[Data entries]
* * * * * * *

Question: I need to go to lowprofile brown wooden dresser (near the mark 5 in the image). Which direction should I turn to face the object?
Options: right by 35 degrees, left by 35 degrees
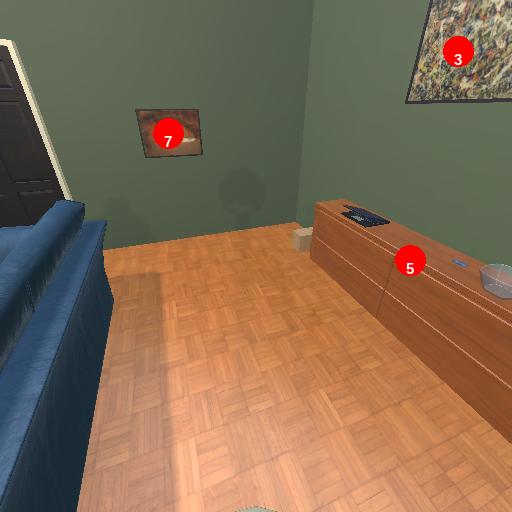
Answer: right by 35 degrees
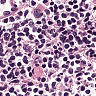
Metastatic tissue present: no
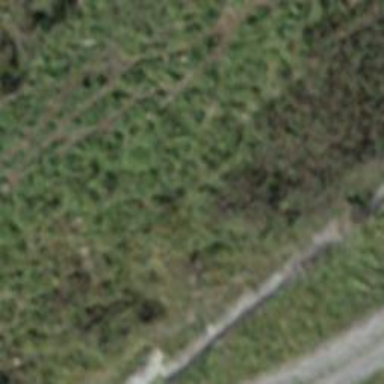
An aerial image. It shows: Narrow gauge railway tunnel with electrified tracks and contact line.
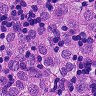
Metastatic tissue present: yes
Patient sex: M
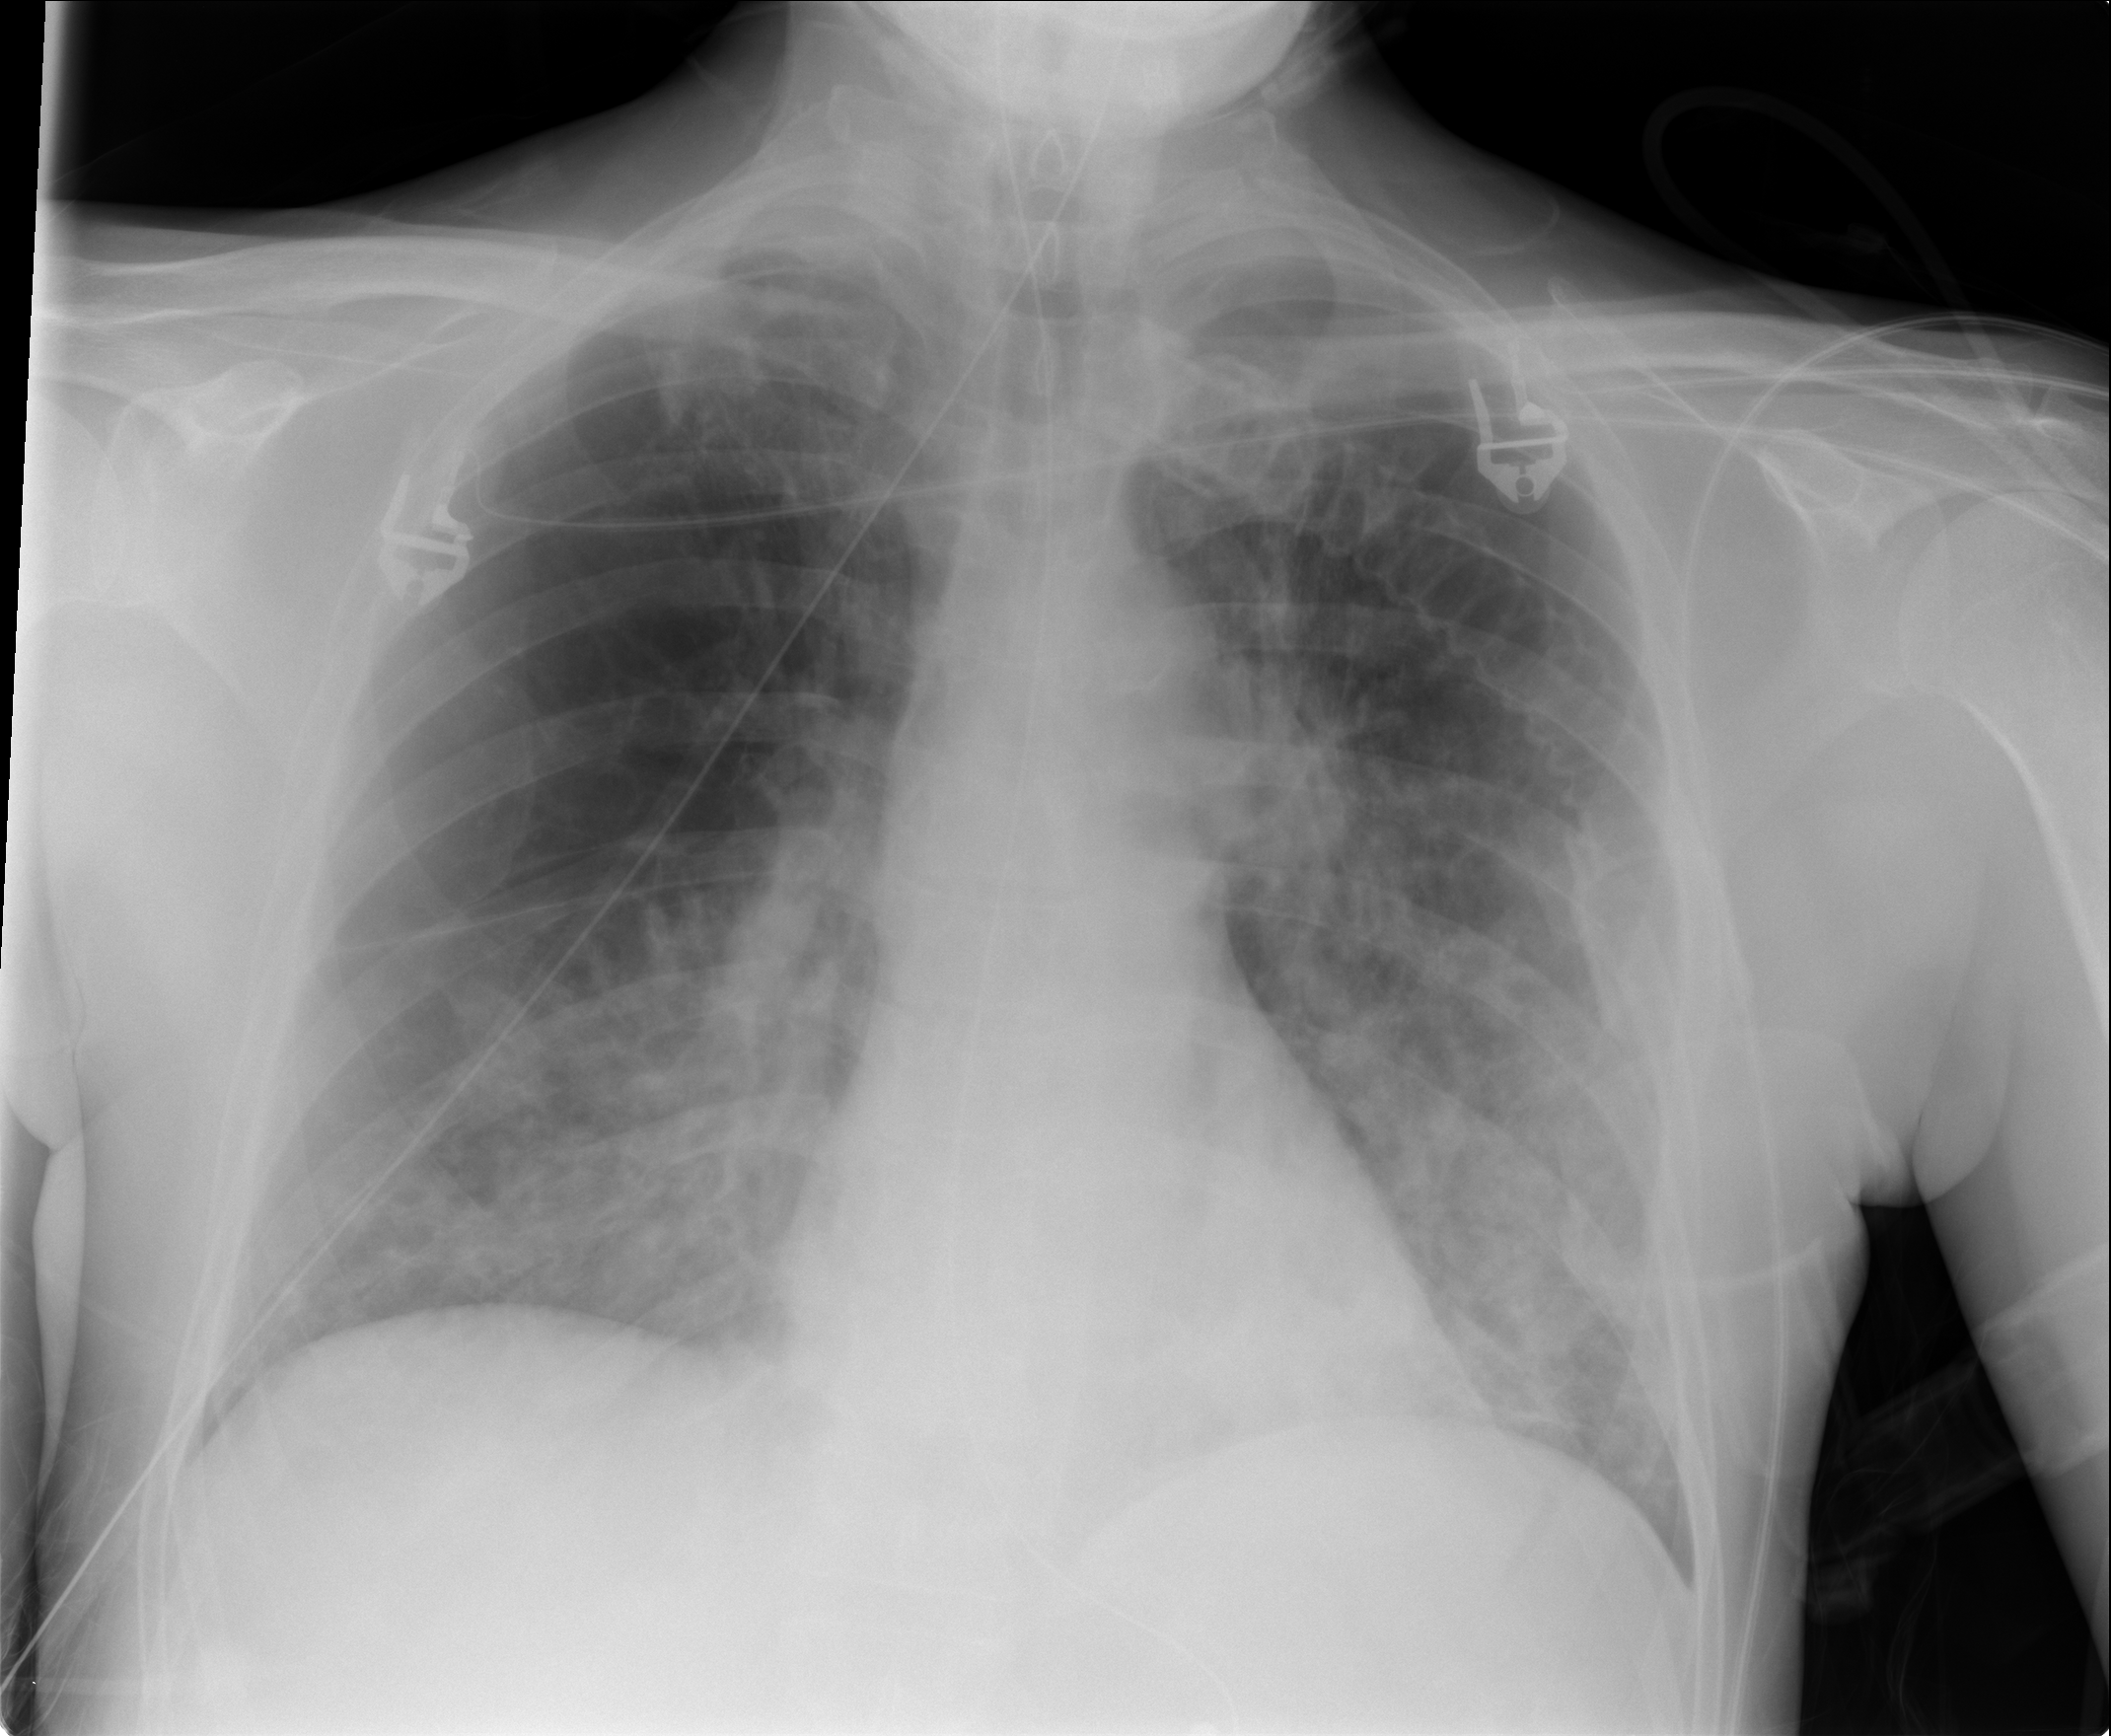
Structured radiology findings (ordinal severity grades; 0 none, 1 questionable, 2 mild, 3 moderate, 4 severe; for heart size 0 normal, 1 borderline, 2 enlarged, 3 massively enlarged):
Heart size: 0
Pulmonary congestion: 0
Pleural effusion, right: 2
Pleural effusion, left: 2
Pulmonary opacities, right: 3
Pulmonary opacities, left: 4
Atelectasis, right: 2
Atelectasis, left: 2
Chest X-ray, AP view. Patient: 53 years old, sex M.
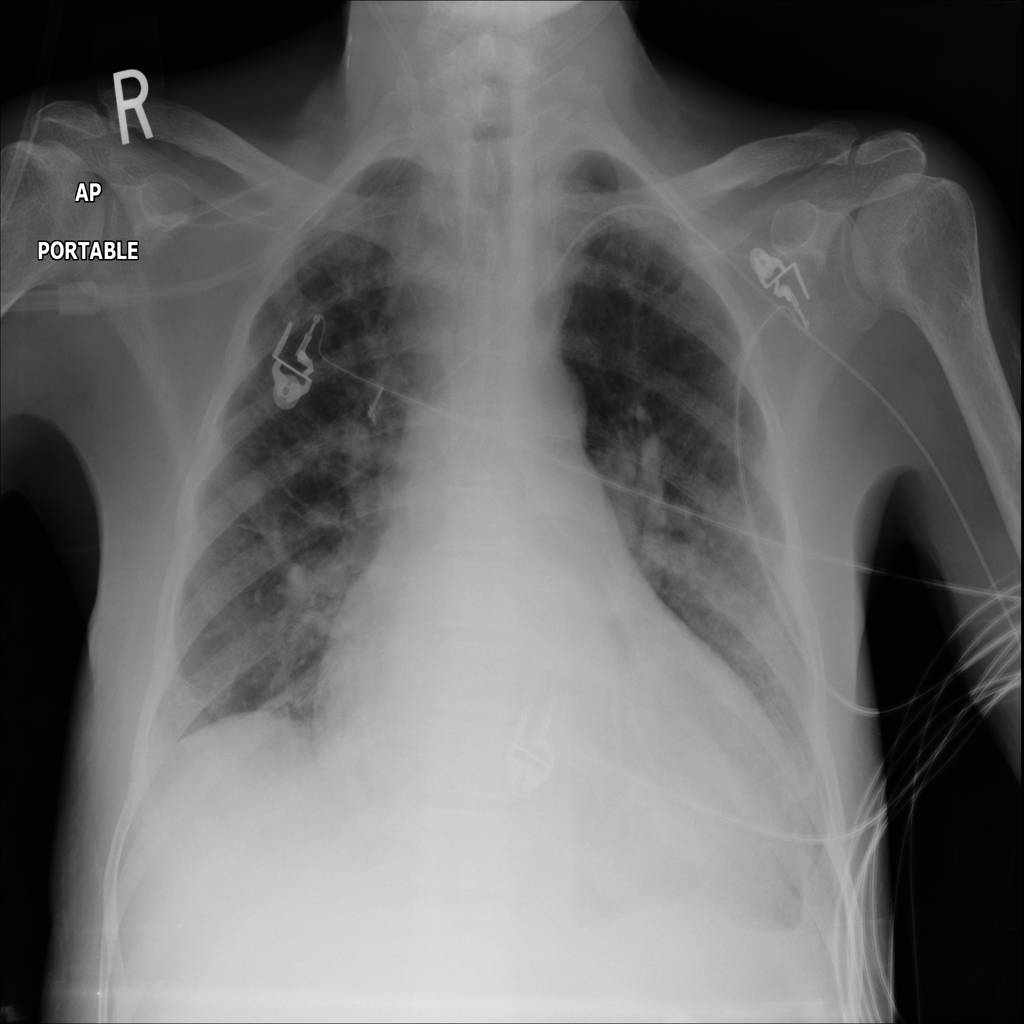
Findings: No Finding
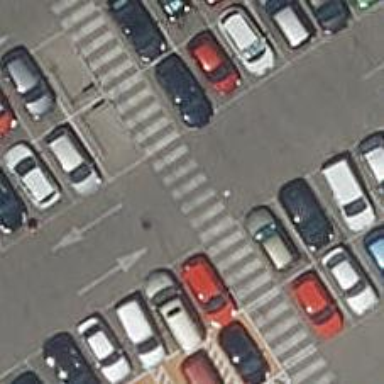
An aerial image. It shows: Marked crossing on the road.
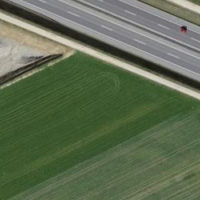
EUNIS habitat code: 57
Species observed at this site:
Milvus milvus
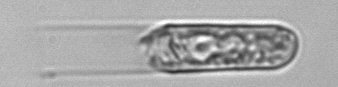
Label: Eutintinnus
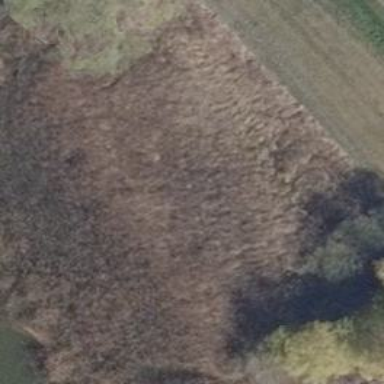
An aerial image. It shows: Beautiful wet meadow natural wetland.
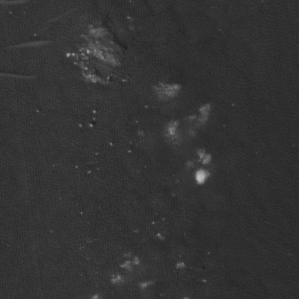
Label: non_frost
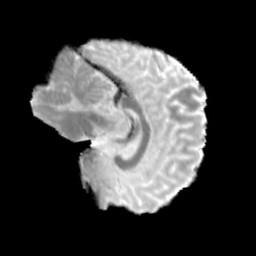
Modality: MD
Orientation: sagittal
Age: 23
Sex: female
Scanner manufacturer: siemens
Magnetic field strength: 3 T
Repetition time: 3.23 s
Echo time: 0.0892 s

* * * * * * *

WHAT YOU NEED TO DO ▸ Whenever a line in the entries above includes the word "left", pull that line out.

RESULT OF THE EXERCISE ▸
Options: right by 35 degrees, left by 35 degrees
Pleural effusion, left: 2
Pulmonary opacities, left: 4
Atelectasis, left: 2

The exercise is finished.